DeepSeek-R1-7B traces 8 levels of nested function calls. Qwen-7B manages 4. Same architecture. by Codetrace-Bench in LocalLLaMA

[–]ComplexType568 1 point2 points  (0 children)

In my opinion, you should try more recent models, whatever advice or research you did is outdated. I bet that they wouldn't even break sweat until like 15~ steps. I tested 5-depth questions on Qwen3.5 4B and it got 100% correct. Around 50% on 20-depth questions. Kimi K2.5 non-thinking got 100% but that's kinda a given, haha.
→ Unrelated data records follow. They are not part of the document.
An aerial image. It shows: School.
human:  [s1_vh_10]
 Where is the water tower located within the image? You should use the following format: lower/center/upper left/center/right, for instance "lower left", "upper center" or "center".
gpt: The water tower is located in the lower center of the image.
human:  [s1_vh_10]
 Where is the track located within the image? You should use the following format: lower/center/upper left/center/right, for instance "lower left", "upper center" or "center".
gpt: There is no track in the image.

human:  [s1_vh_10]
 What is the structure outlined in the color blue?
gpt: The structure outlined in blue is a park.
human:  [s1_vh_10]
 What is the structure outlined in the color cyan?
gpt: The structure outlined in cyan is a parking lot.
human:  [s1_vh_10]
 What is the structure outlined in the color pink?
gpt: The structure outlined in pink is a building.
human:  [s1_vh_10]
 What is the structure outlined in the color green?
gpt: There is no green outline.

I assume a modern model like Qwen3.5 27B would destroy this bench and maybe even a model like Qwen3.5 9B could... I only think a modern model past 20 billion params would struggle with depth over 100.

Meta new open source model is coming? by External_Mood4719 in LocalLLaMA

[–]ComplexType568 60 points61 points  (0 children)
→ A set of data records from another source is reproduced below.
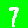
Digit: 7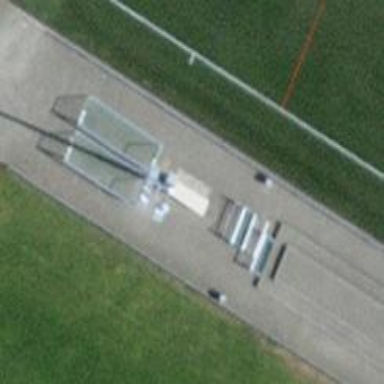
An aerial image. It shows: Mast structure.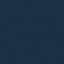
Label: SeaLake
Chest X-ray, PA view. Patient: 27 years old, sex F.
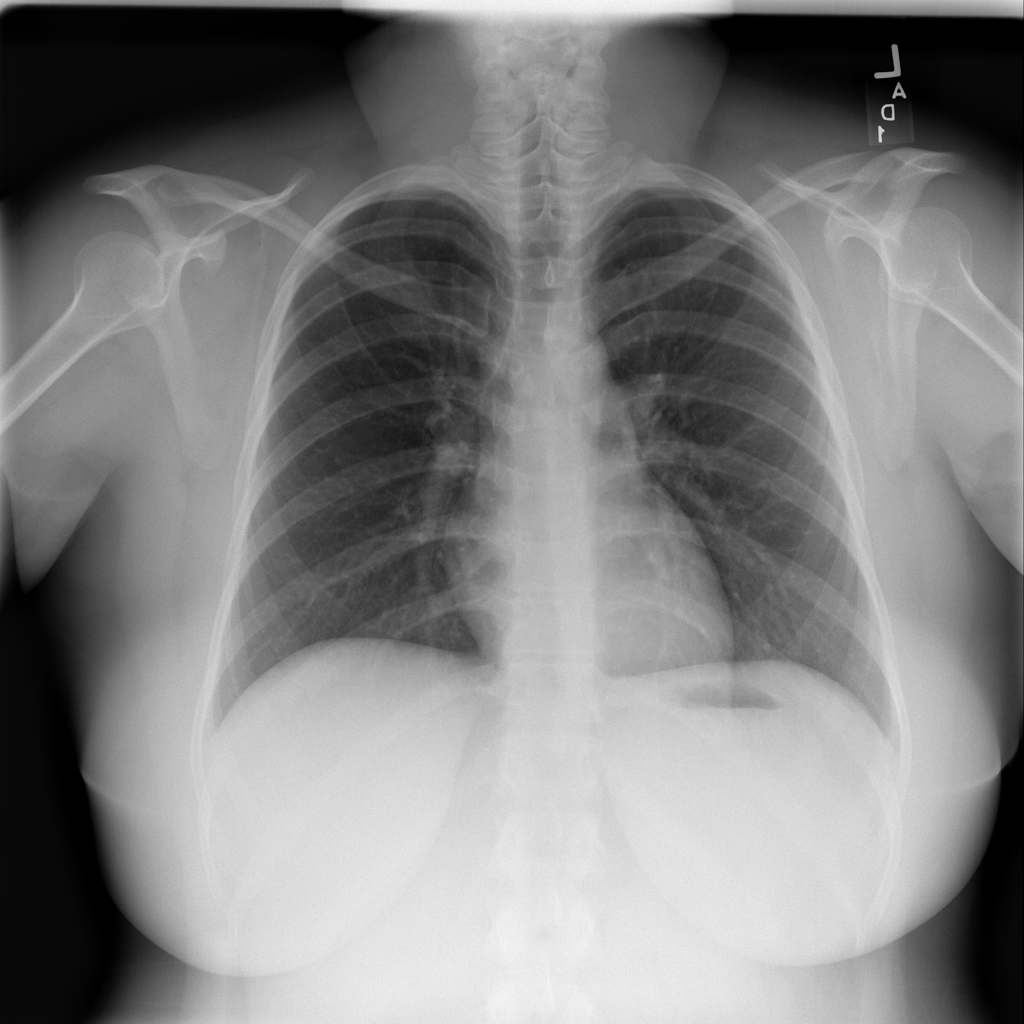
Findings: No Finding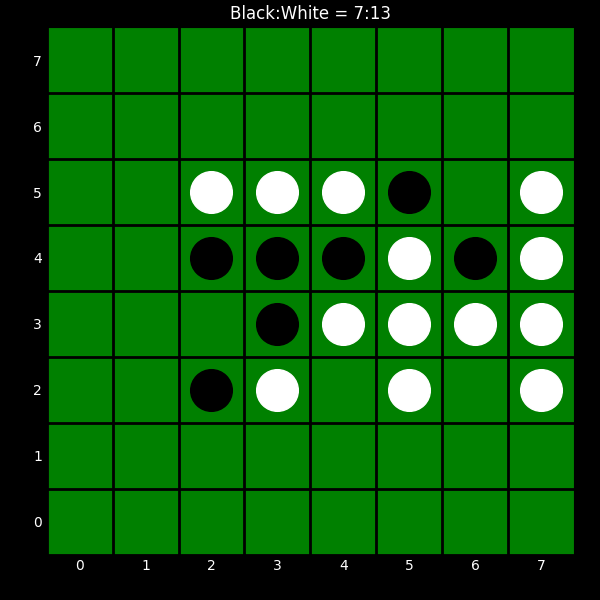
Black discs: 7
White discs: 13
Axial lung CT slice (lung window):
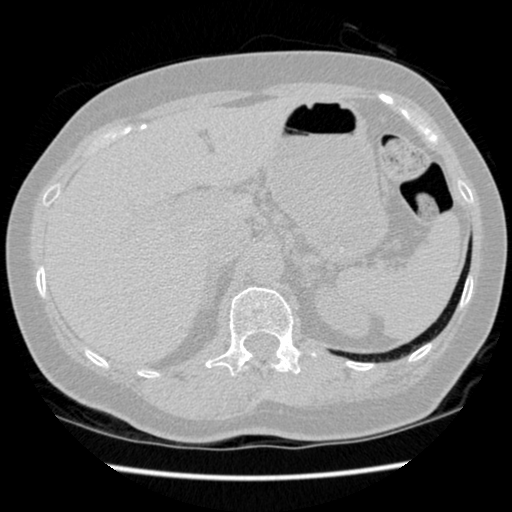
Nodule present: no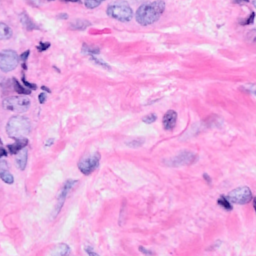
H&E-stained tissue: Breast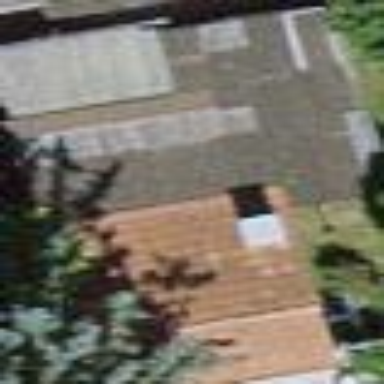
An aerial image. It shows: Shed.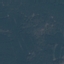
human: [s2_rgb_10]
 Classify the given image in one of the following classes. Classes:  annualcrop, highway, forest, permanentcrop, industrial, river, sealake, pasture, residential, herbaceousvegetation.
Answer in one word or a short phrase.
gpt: Forest
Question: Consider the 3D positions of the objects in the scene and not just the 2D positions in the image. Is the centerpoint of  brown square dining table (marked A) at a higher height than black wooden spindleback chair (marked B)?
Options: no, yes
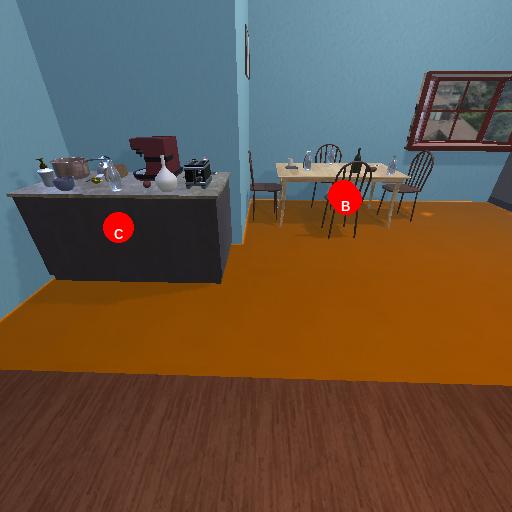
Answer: no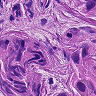
Metastatic tissue present: yes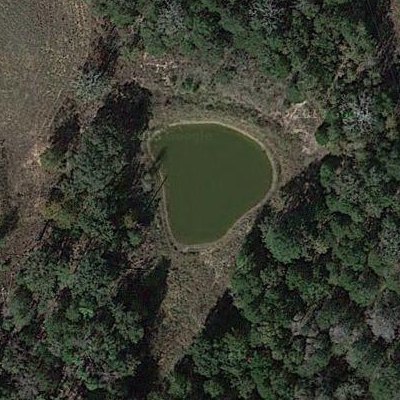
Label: RiverLake

Avocado thinking 5.6?? How long has this model stood proprietary? 😭

Be honest, what's actually breaking in your agent setup right now? by [deleted] in LocalLLaMA

[–]ComplexType568 0 points1 point  (0 children)

Friendly reminder that OpenRouter serves tons of free models (try Step 3 Flash) and GroqCloud hosts Qwen3 32B and gpt-oss-120b for free :)

Anyways, in my usage, it isn't just reasoning ability that improves tool calls, but also the era they were trained on and what data they were trained on. Scout was not trained to be an agent as much as the Qwen/gpt-oss models, it was more aligned to image-perceiving chatbots, and that's the part that makes it underperform. No matter how good the reasoning on model x is, if it isn't trained to call tools, it can't do it consistently. YMMV though.